STATEMENT OF THE FACTS AND CASE
{¶ 2} On February 14, 2001, the Tuscarawas County Grand Jury indicted appellant on one count of domestic violence in violation of R.C. 2919.25(A), a felony of the fifth degree. At his arraignment on March 14, 2001, appellant entered a plea of not guilty to the charge contained in the indictment. A trial date was subsequently set for June 26, 2001.

{¶ 3} On June 25, 2001, the day before trial, appellee, after reviewing its responses to appellant's Crim.R. 16 discovery requests, discovered that it had failed to provide appellant with a copy of a brief statement that appellant had made to police upon arrest. Appellant, in such statement, indicated to the police that he and the victim had "only gotten into an argument and that was it" and that the victim "was imagining things." Upon the commencement of trial, appellant, both orally and in writing1, moved the trial court to exclude appellant's statement to police since he had only received it the day before. When asked by the trial court how he was prejudiced by having received the statement the day before trial, appellant's counsel stated as follows:

{¶ 4} "MR. LATANICH: I've had some problems with seeing Mr. Hunter. I finally did talk to him yesterday on the phone. We discussed the case. Now all of a sudden based on what was going to be my trial strategy I'm now getting a statement which is inconsistent with —."

{¶ 5} "THE COURT: What you believed your trial strategy was going to be.

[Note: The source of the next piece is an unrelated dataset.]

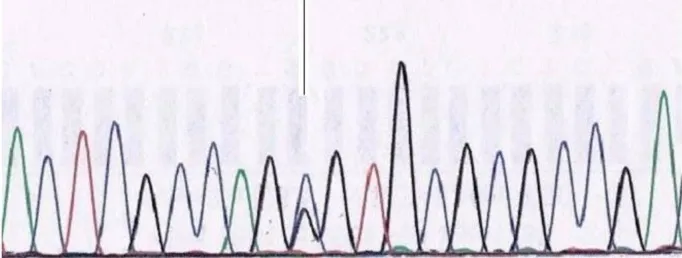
Electropherogram of the alpha gene showing hemoglobin Fontainebleau [Alpha 21(B2) alpha2Ala>Pro].
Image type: chart (chart)

{¶ 6} "MR. LATANICH: Yes." Transcript at 8.

{¶ 7} After the trial court overruled his motion to exclude the statement, finding that the same did not "create any difficulties for you that are in any way in violation of Mr. Hunter's rights", appellant moved for a continuance of the trial "as an alternative method of preparing for this case and for that statement." Transcript at 9. Appellant's motion for a continuance also was overruled by the trial court.

{¶ 8} Thereafter, following a jury trial, appellant was found guilty of domestic violence in violation of R.C. 2919.25(A). As memorialized in a Judgment Entry filed on August 22, 2001, appellant was placed on two years of supervised community control.

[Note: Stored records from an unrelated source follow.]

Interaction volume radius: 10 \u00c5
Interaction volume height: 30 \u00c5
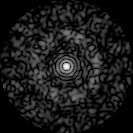
Disorder parameter: 0.8168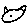
Label: cat
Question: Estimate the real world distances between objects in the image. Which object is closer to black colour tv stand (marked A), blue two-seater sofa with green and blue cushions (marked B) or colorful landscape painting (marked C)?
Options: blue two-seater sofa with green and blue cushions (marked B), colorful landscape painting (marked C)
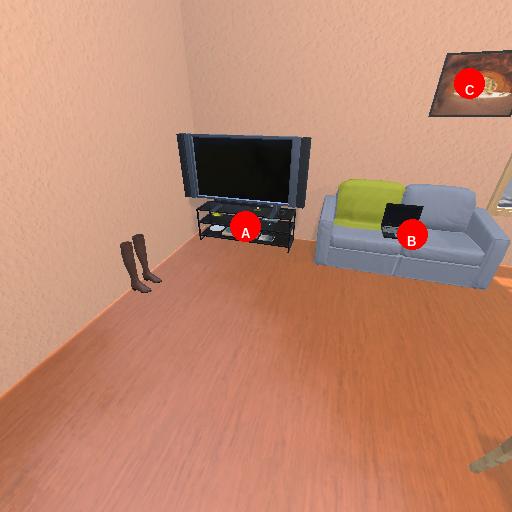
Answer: blue two-seater sofa with green and blue cushions (marked B)

{¶ 9} It is from the trial court's August 22, 2001, Judgment Entry that appellant now appeals, raising the following assignment of error:

{¶ 10} "THE COURT ABUSED ITS DISCRETION IN ALLOWING INTO EVIDENCE AN ALLEGED ORAL STATEMENT OF THE DEFENDANT PROVIDED IN DISCOVERY THE DAY BEFORE TRIAL.

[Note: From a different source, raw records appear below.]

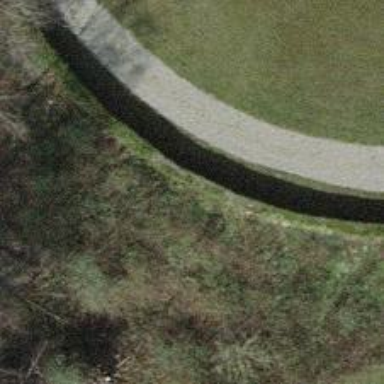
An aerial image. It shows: Hedge barrier.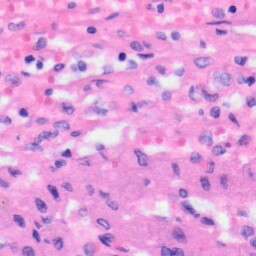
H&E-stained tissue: Liver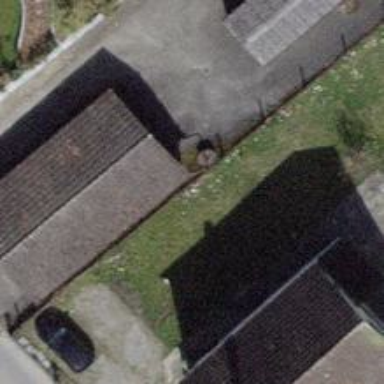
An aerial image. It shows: Garage.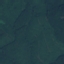
Label: Forest
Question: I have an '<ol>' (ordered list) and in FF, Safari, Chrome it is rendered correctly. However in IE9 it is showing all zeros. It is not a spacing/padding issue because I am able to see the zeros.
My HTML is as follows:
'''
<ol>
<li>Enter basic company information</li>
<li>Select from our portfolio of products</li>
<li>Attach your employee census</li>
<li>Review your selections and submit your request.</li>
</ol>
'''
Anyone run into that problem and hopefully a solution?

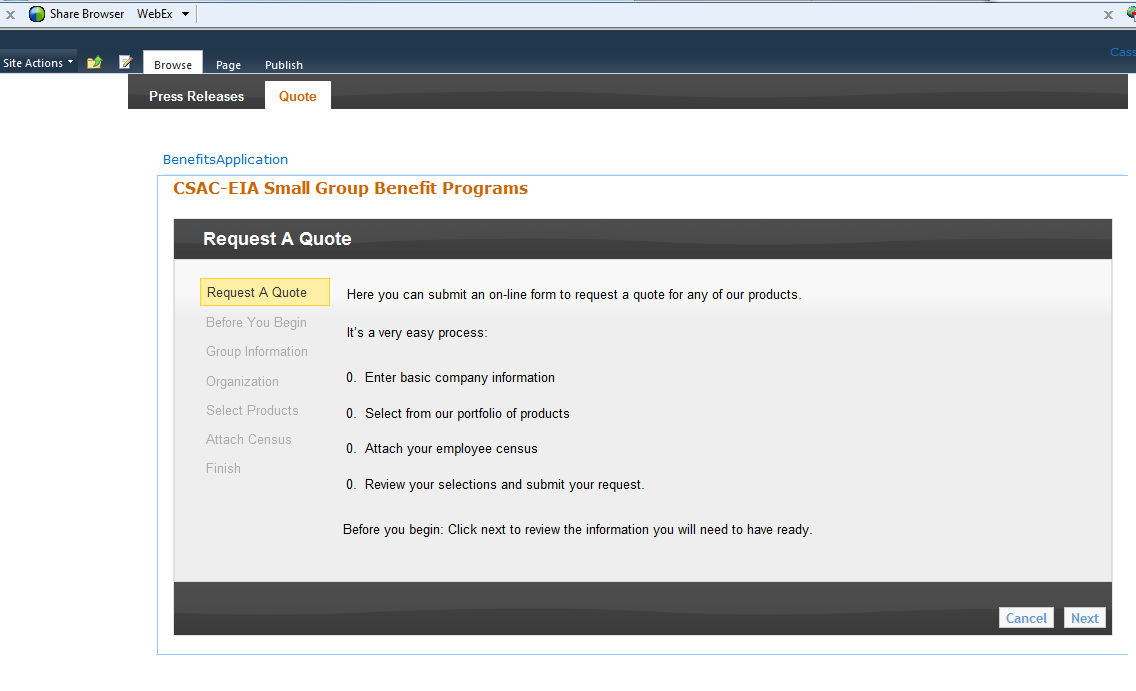
Answer: # Update 3/20/2012 - Fixed in IE10
This regression has been fixed in Internet Explorer 10 (all document modes). Microsoft has deleted the entry, so you cannot review its status. Since Microsoft now pushes IE10 down automatically, it should be working for all your regular customers.
---
This is a known IE9 regression, which has been reported on Microsoft Connect:
<URL>
> : Bug
: 657695
: 4/6/2011 12:10:52 PM
: Public Workaround(s)
User(s) can reproduce this bug
---
> Posted by on 6/14/2011 at 3:20 PM
Thank you for your feedback. We were able to reproduce the issue and are investigating it.Best regards,The Internet Explorer Team
---
'''
<!DOCTYPE html>
<HTML>
<HEAD>
<TITLE>IE9 Ordered List Zero Bug</TITLE>
<SCRIPT type="text/javascript">
setTimeout(function ()
{
document.getElementById("dv1").innerHTML = "<ol><li>XXX</li><li>YYY</li></ol>";
var container = document.createElement('span');
container.style.cssText = "display:none";
document.getElementById("dv2").appendChild(container);
}, 1000);
</SCRIPT>
</HEAD>
<BODY>
<DIV id="dv1">
<OL>
<LI>AAA</LI>
<LI>BBB</LI>
</OL>
</DIV>
<DIV id="dv2"></DIV>
</BODY>
</HTML>
'''
<URL> is to place an empty element after your 'DIV':
'''
<div id="one">
<ol>
<li>one</li>
<li>two</li>
</ol>
</div>
<div id="two" style="display:none">
<ol>
<li>three</li>
<li>four</li>
</ol>
</div>
<div id="empty"></div>
'''
## Browsers that exhibit the bug
- - - -
- - -
Works
Works

{¶ 11} (A) THE COURT ABUSED ITS DISCRETION IN NOT GRANTING A CONTINUANCE TO INVESTIGATE THE VERACITY OF THE ORAL STATEMENT PROVIDED TO DEFENSE THE DAY BEFORE TRIAL."

I
{¶ 12} Appellant, in his sole assignment of error, argues that the trial court abused its discretion in admitting into evidence appellant's alleged brief oral statement to the police, which was provided to appellant the day before trial. As is stated above, appellant, in such statement, allegedly told police that he and the victim had "only gotten into an argument and that was it" and that the victim "was imagining things." Appellant further contends that the trial court abused its discretion in overruling appellant's subsequent oral motion for a continuance of the trial "to investigate the veracity of the oral statement . ."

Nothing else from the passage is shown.